The definition of efficiency still has teeth if we restrict our attention to algorithms B that “explain themselves,” e.g. that are accompanied with significant documentation and explanation. The description of the agent B could embody the entire output of the alternative research program that produced it.

So this definition of betterness is adequate if we think that there are efficient and good decision-making protocols which are demonstrably good to existing humans. This definition is very unsatisfying if we think that evaluating a possible proposal, even given the best available arguments, is the core difficulty of AI control. This might be either because those arguments are necessarily extremely complex, or because there will be many bad proposals that are also supported by extremely convincing-looking arguments.

What we really want

Intuitively, I would like a definition along the lines of:

Draw a random x from D, compute A(x) and B(x). Give a human judge the same information, abilities, and insights, that A and B used to compute these quantities. A ≻ᴰ B if the human prefers A(x) with probability at least 2/3.

This definition smuggles all of the complexity into imagining that the human has the same “information, abilities, and insights” as the AI they are evaluating. I don’t have any candidate formalization of this idea, nor am I especially optimistic about being able to formalize it.

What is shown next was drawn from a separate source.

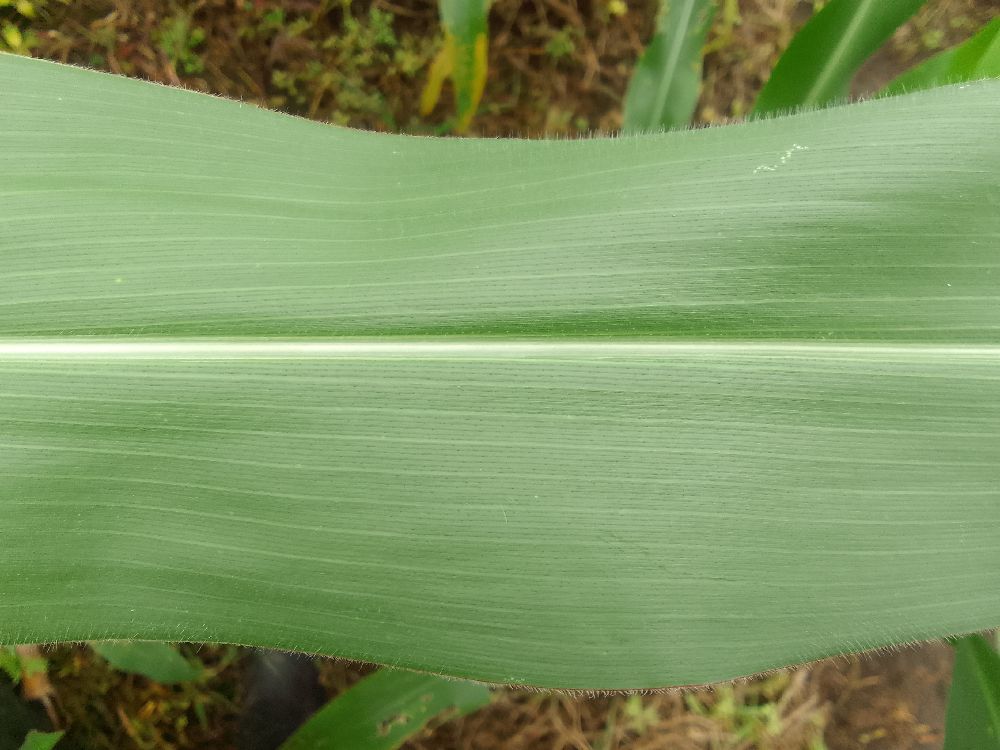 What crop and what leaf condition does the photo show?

maize, healthy
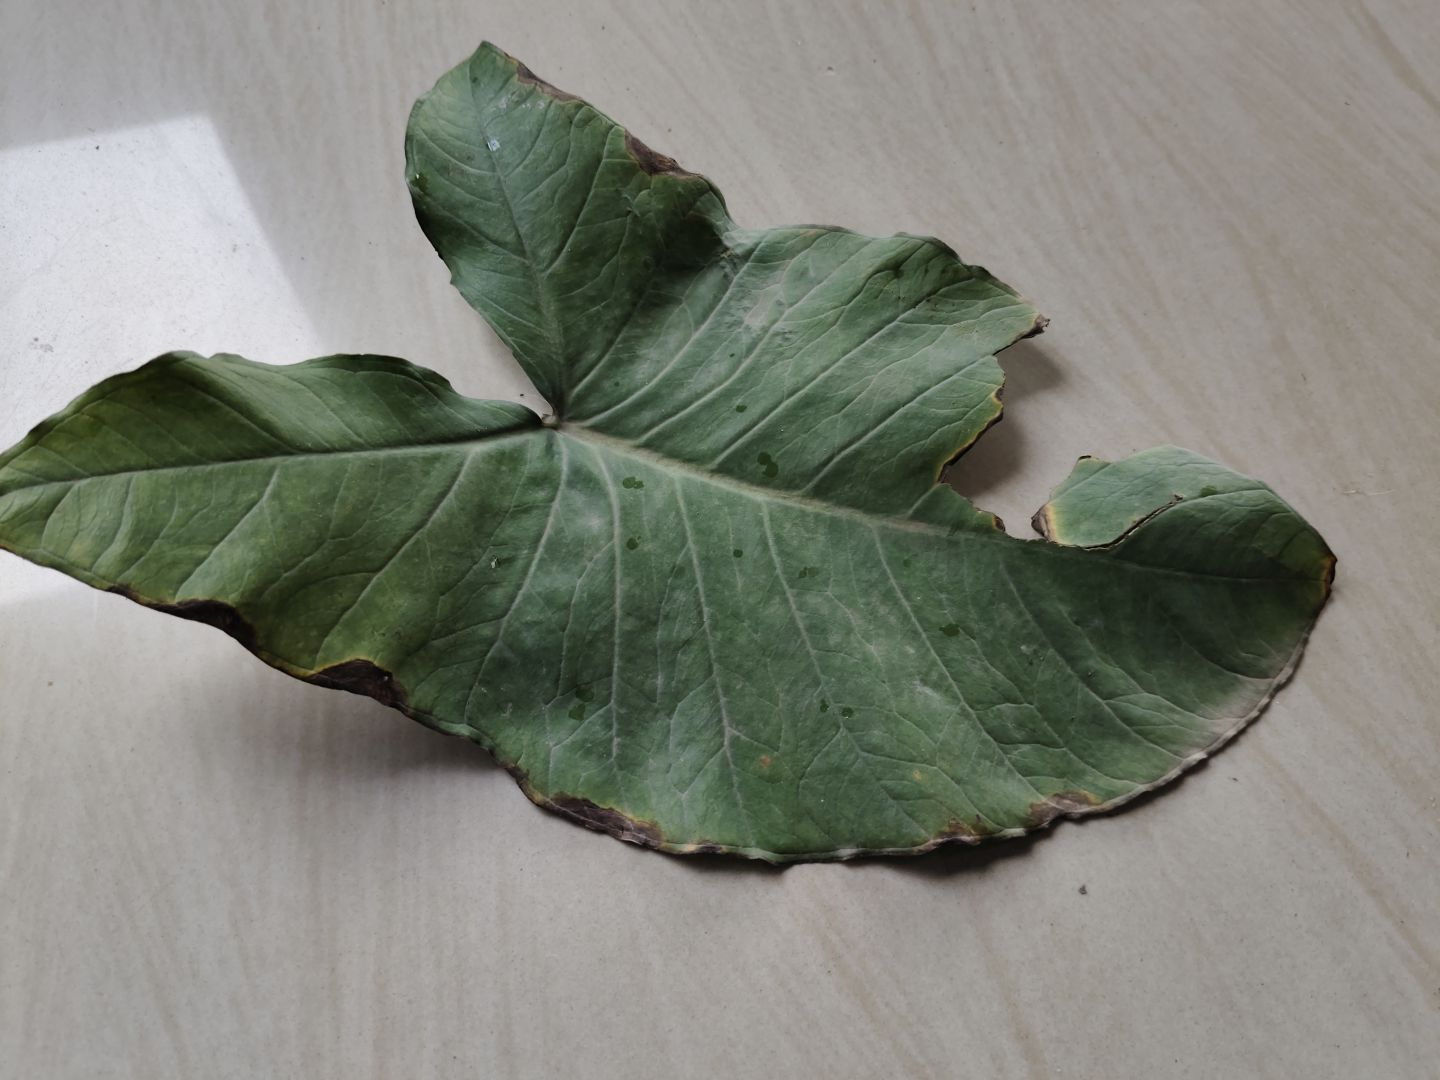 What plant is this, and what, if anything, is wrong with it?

taro, leaf blight
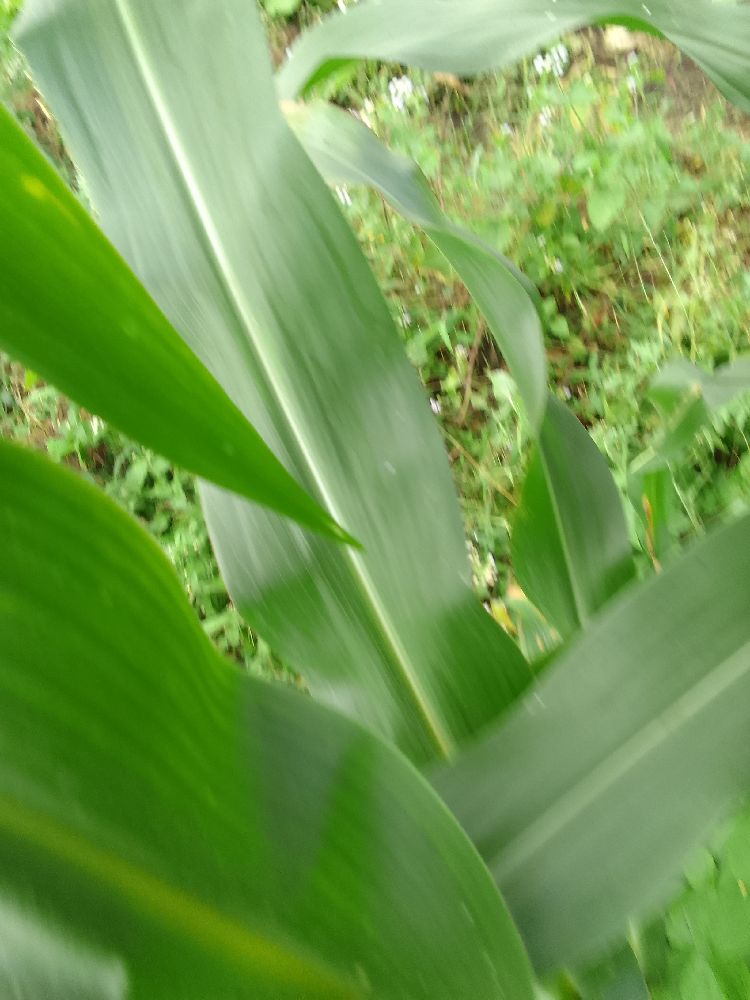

I do feel like I can reason about this definition intuitively and that it roughly captures my intuitive desiderata. This makes me more optimistic that there is some satisfactory definition of ≻.

Note that this definition is closely related to the goal in the informed oversight problem, which is roughly to ensure that the overseer “knows everything the AI knows.” In the informed oversight problem we are willing to assume that the overseer is significantly more powerful than the system they are overseeing. That may well be a necessary assumption to actually ensure that the overseer “knows everything the AI knows,” but it probably isn’t needed to define what it would mean for the overseer to “know everything the AI knows.”

Conclusion

We can try to define the goals of AI control by thinking about how AI systems relate to the underlying machine learning primitives. Such a framework wouldn’t cover all possible approaches to AI control, but where applicable it could be a great way to organize research and a useful analysis tool.

This post gave a step in that direction, but did not yet succeed. I would love to see other attempts, and I think there is a good chance that it will be possible to find a satisfying problem statement for AI control.